Page:Revue des Deux Mondes - 1916 - tome 33.djvu/934

Le texte de cette page a été corrigé et est conforme au fac-similé.

Dans son impuissante détresse, la petite pleure. Ses larmes tombent, chaudes et salées, sur le front de l’agonisant. Elle reste là, elle ne sait plus combien de temps. Cela lui parait des heures et des heures, cela ne finira jamais. Elle a mis ses lèvres à la coupe amère. Jamais plus elles ne s’en détacheront. Elle a touché le fond de la misère humaine. Cet homme va mourir là, sur son épaule, et tout va mourir, ici...

Le cheminot revient avec des vivres et des coussins de balle d’avoine. Un aumônier l’a suivi.

Ils trouvent l’agonisant endormi sur l’épaule de la jeune femme... Le train va repartir... Avec mille précautions ils soulèvent le pauvre corps apaisé, le calent avec des coussins dans l’angle du wagon. Et le prêtre, comme adieu, lui donne l’absolution suprême...

1er septembre. — Les hôpitaux sont évacués ou vont partir. On ne sait plus rien. On vit dans un rêve. On raconte que la forêt de Compiègne brûle, que Soissons est en flammes, que l’état-major anglais est dans les environs, que Paris est perdu... et que l’on entend le canon.

A l’infirmerie, plus personne qu’une dizaine de dames et le « Patron. »

Le matin, un petit automobiliste anglais vient se faire panser le pouce. On l’interroge. Il ne sait rien. Il vient de Compiègne. Il va vers le Sud, il est content de son sort et rit tant qu’il peut. Il n’a pas l’air de faire la guerre. Il est là comme en excursion. Son assurance et sa belle humeur ramènent, pour un instant, un peu de gaieté dans l’ambulance.

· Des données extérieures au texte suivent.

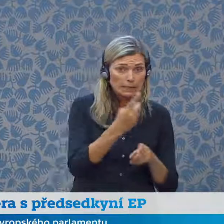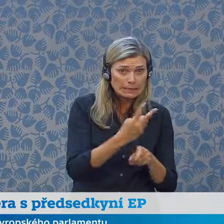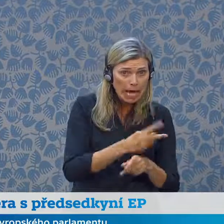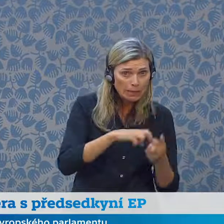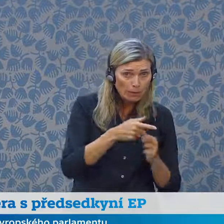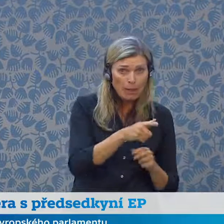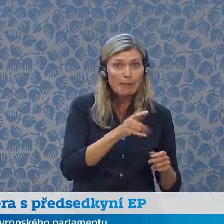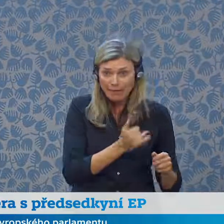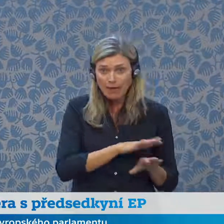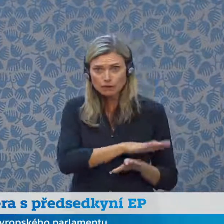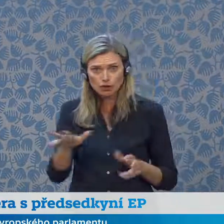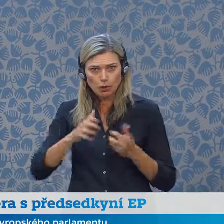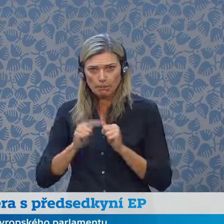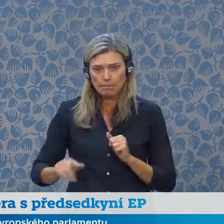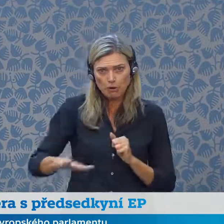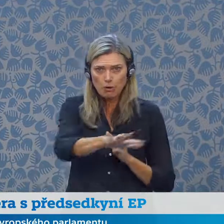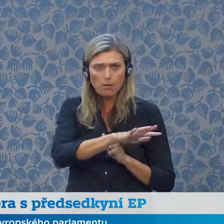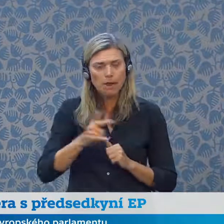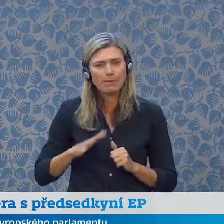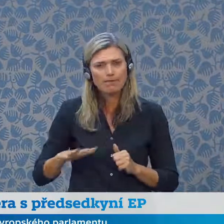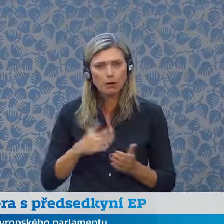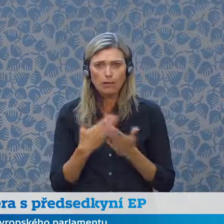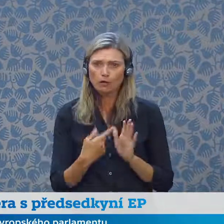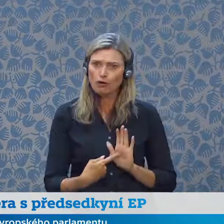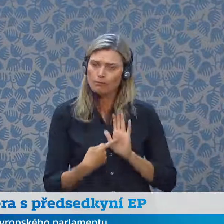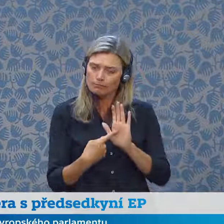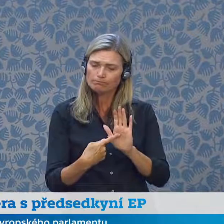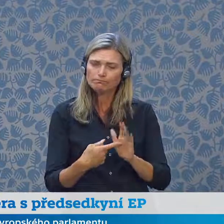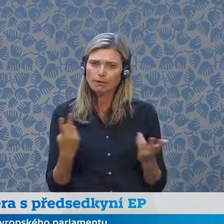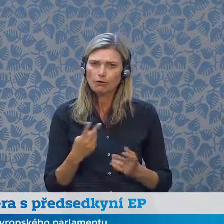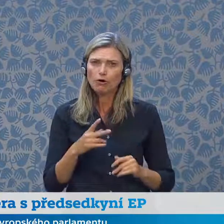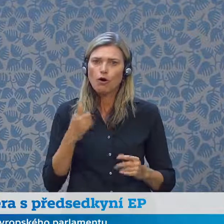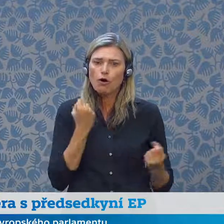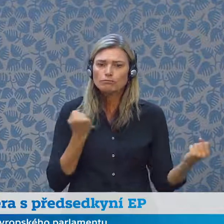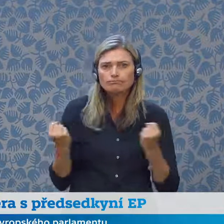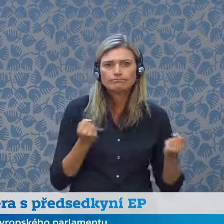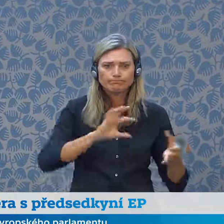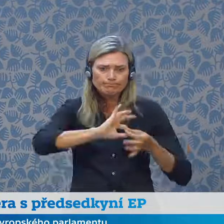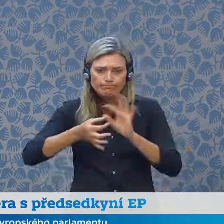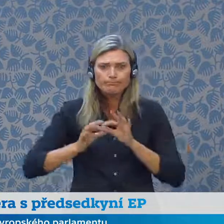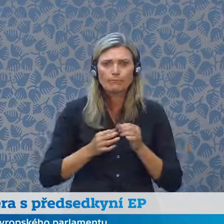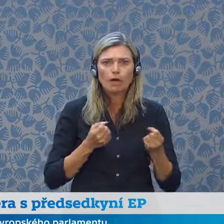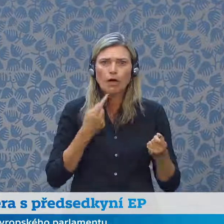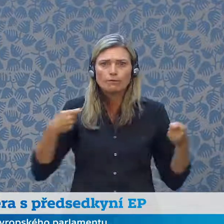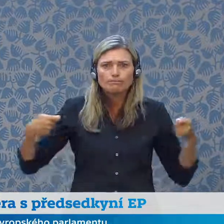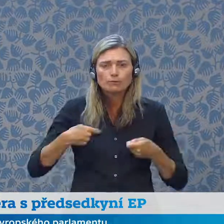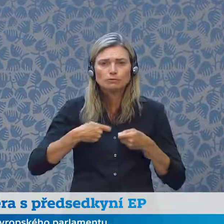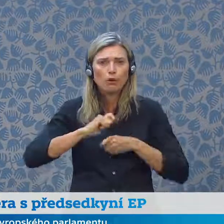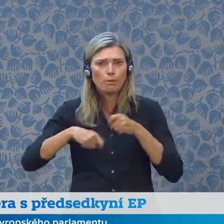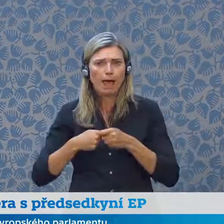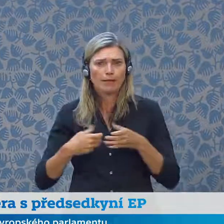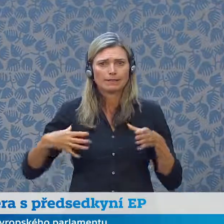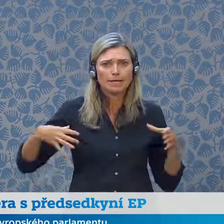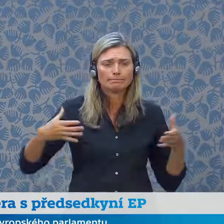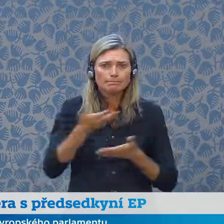dotýkají nás všech a je potřeba ukázat vedoucí pozici, ukázat koordinaci, ukázat společné úsilí a
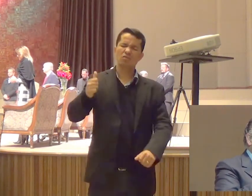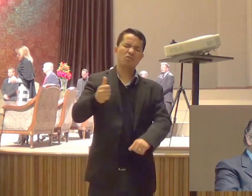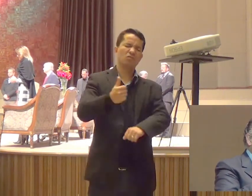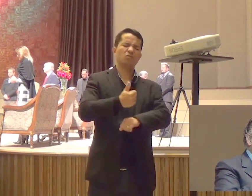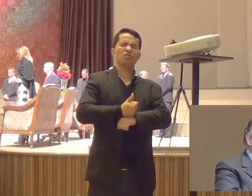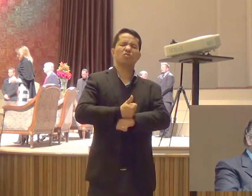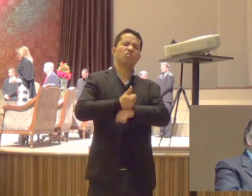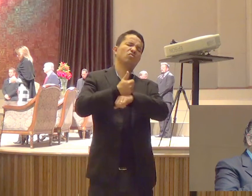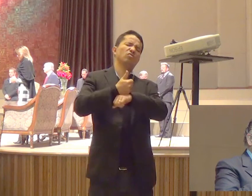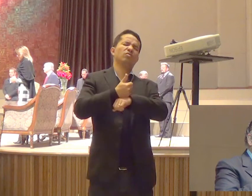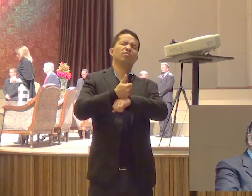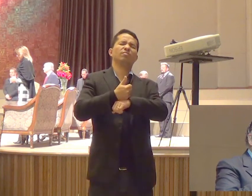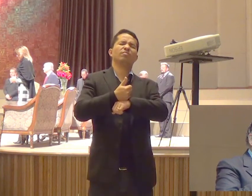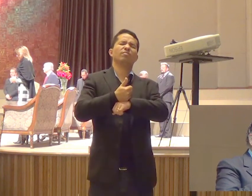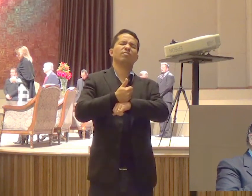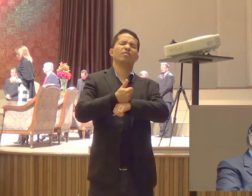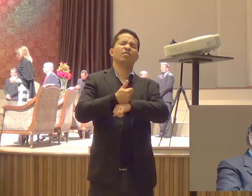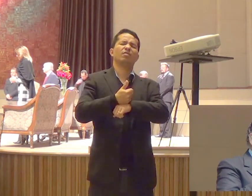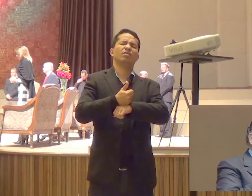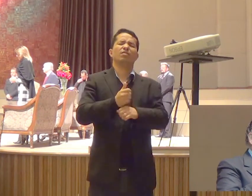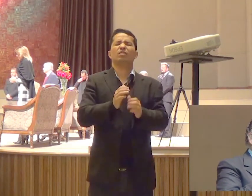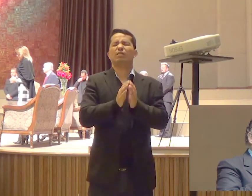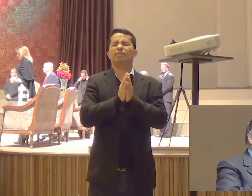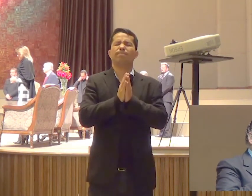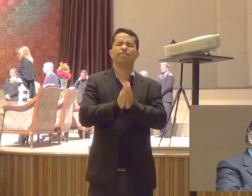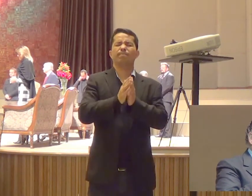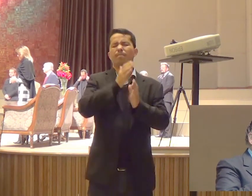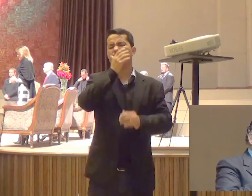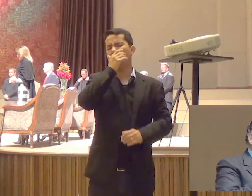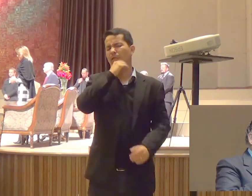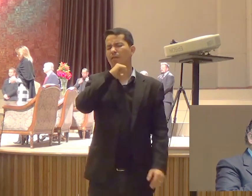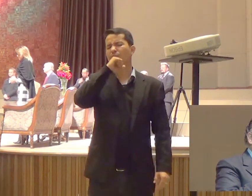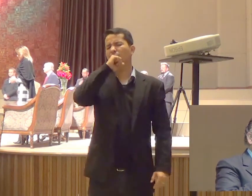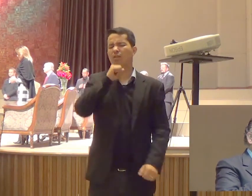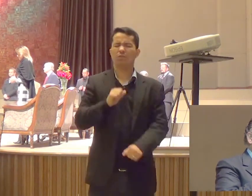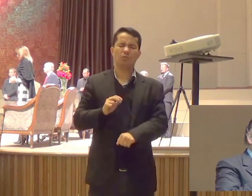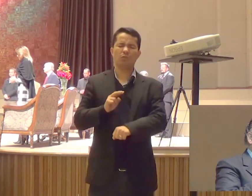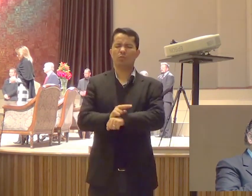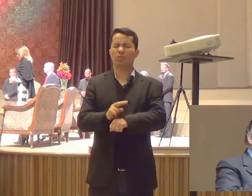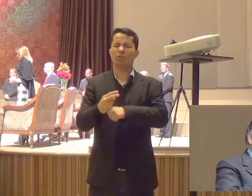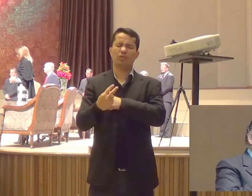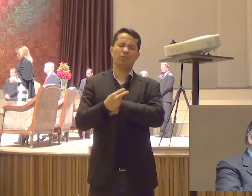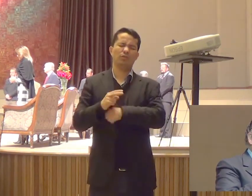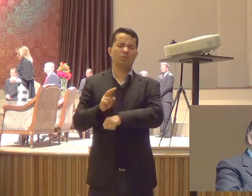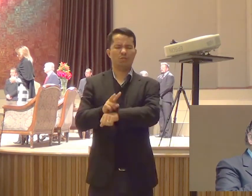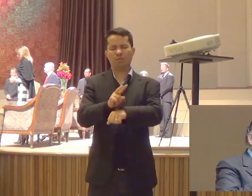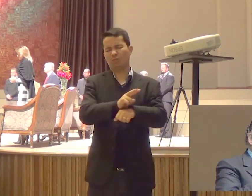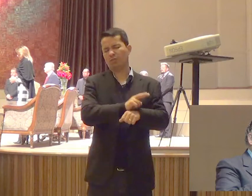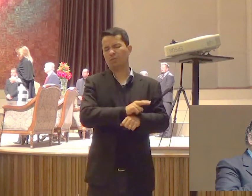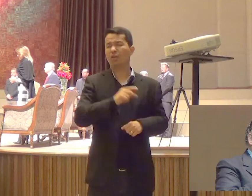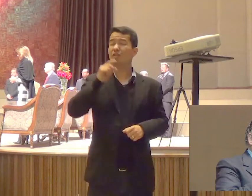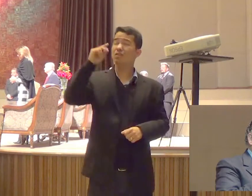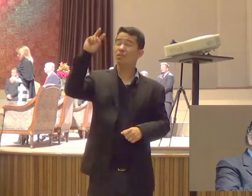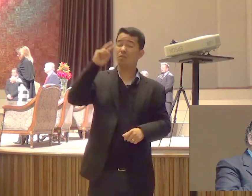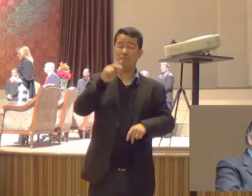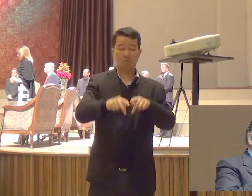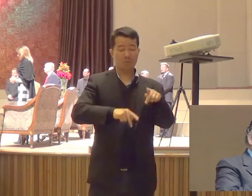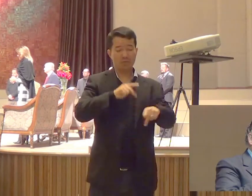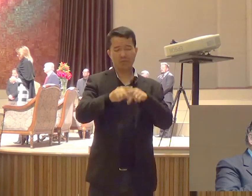próximo Como nós Nos amamos Então Pai Guarda Guarda o teu Povo Guarda a tua Igreja Em nome

Le morne après-midi se passe à l’infirmerie, toutes portes fermées, dans la chaleur, l’attente et l’abandon.

Le brouhaha des gens qui partent vient frapper les murs de la grande salle blanche. Tout est en ordre. Sur le comptoir de marbre poli les piles de boîtes minutieusement étiquetées, les rangées de bocaux, les alignemens de flacons inégaux, les plateaux et les cuvettes... l’étuve... le fourneau à gaz... les cinq lits blancs... la symphonie des petites choses très nettes et très pures chante dans le silence et l’espace désert... Les deux dames de garde, très blanches aussi, s’immobilisent sur deux chaises, écoutant le concert des petites voix familières accompagnées en sourdine par les battemens angoissés de leur cœur.